Submit items 1. 2. and 3. above as a short (1 page max) report (pdf format please).

- create a file called PD.txt that contains the preferred direction (in radians, to 8 decimal places) for each of the 100 neurons. The file should be 100 lines long (1 line per neuron).
- create a file called PDboot.txt that contains the bootstrap probability (to 8 decimal places) for each of the 100 neurons. The file should be 100 lines long (1 line per neuron).

**Send me:** (by email):

- your 1-page .pdf report
- the PD.txt file
- the PDboot.txt file
- your code

I should be able to run your code on my machine and it should generate the PD.txt file and the PDboot.txt file.
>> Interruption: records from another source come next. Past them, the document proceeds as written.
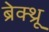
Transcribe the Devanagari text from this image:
ब्रेक्थ्रू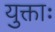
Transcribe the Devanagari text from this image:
युक्ताः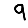
Digit: 9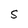
Character: S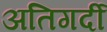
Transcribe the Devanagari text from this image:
अतिगर्दी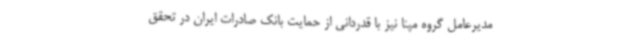
مدیرعامل گروه مپنا نیز با قدردانی از حمایت بانک صادرات ایران در تحقق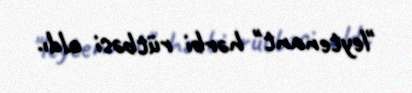
"leytenant" hərbi rütbəsi aldı.

You can assume that I will run your code from a location that contains the neurondata/ subdirectory.

### Some Guidance

When I run my code with 10,000 bootstraps on the 100 neurons, here is what I get in terms of neurons that are significantly tuned:

- p < .050 : 92 neurons
- p < .010 : 78 neurons
- p < .005 : 73 neurons

You may not get the exact same numbers as me, since your random selection in your bootstrap will be different … but you ought to get something relatively close.
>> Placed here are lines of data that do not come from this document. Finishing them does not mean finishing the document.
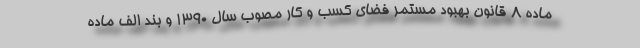
ماده ۸ قانون بهبود مستمر فضای کسب و کار مصوب سال ۱۳۹۰ و بند الف ماده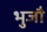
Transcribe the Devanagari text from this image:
भुजौ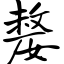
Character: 嫠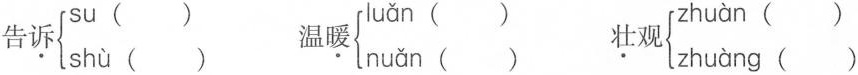
告\underset{·}{诉}\left\{ \begin{matrix} su ()\\ shù () \end{matrix} \right. 温\underset{·}{暖}\left\{ \begin{matrix} luǎn ()\\ nuǎn () \end{matrix} \right. \underset{·}{壮}观\left\{ \begin{matrix} zhuàn ()\\ zhuàng () \end{matrix} \right.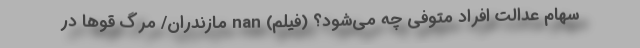
سهام عدالت افراد متوفی چه می‌شود؟ (فیلم) nan مازندران/ مرگ قوها در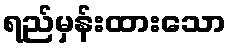
ရည်မှန်းထားသော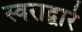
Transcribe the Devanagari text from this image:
स्वराद्वारे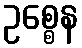
ဥစ္စေန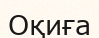
Оқиға
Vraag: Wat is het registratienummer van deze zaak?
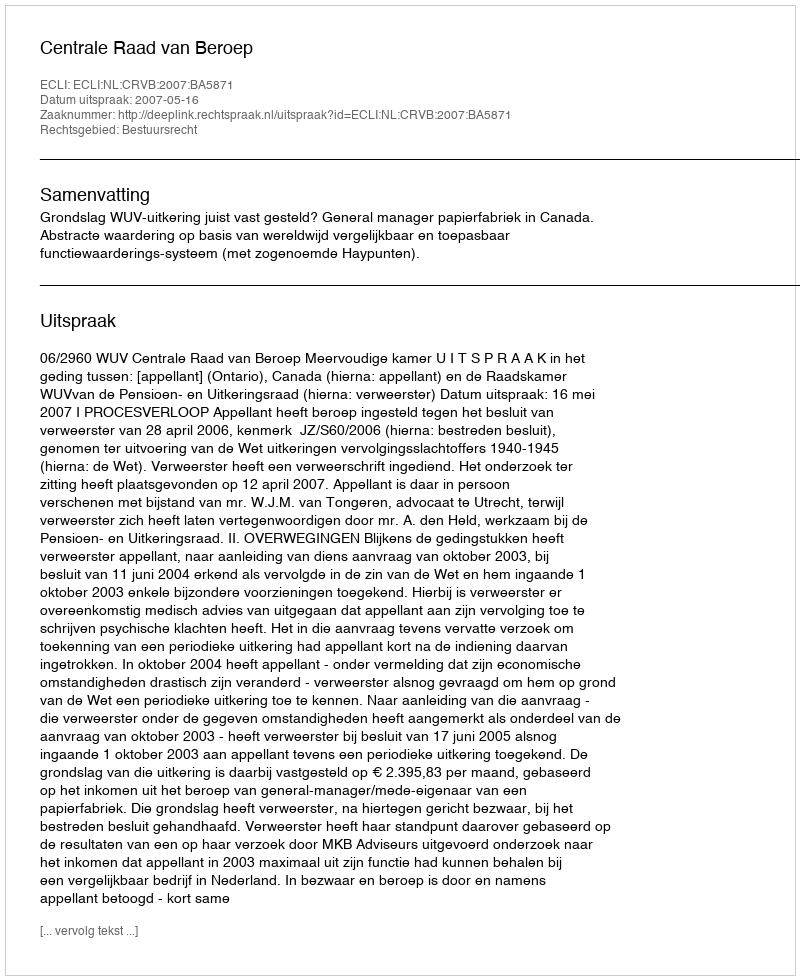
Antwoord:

For p < .05, the neurons that are not significantly tuned, at least in my code, are neurons:

41, 42, 43, 55, 56, 66, 76, 85

If anyone is really struggling, just come and see me, I can help. I'd rather everyone see the assignment through to the end, even if you need some help, than for some to not finish.

As a benchmark, here are the PDs (in radians) of the 5 repetitions for the data from neuron 001, using the supplied platemethod function in MATLAB:

4.0845 4.3150 4.3715 4.3153 4.2462

You should get something pretty much identical in your Python or R version of the platemethod function.
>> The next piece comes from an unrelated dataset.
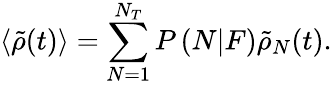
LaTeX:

Here is what the first 3 lines of PD.txt look like for my solution (where I take the entire 5x8 dataset for each neuron as a whole and compute PD):

4.29683956 4.16177382 4.26387645

When I compute a neuron's PD as the mean (using circular stats approach) of the 5 PDs for the 5 trials, I get the following mean PDs for the first 3 neurons:

4.26666622 3.97270313 4.37791813

You can compute PD for each neuron using either of these methods, it's up to you.

### Speed Contest

Finally, **time your code**: how long does it take to compute the
estimate of the preferred direction, and the bootstrap probability,
for all 100 neurons, using 10,000 bootstrap iterations? We will have a
contest to see whose code runs the fastest (we will run it on my
laptop). The winner gets a prize.

The leaderboard will be updated as people submit their code:

### Your code

When writing your code, assume the data are located in a subdirectory
relative to the location of your code, called `neurondata/`

. You can
download the data directory here:

I should be able to put your code in a directory containing
`neurondata/`

and run your code without adjusting anything.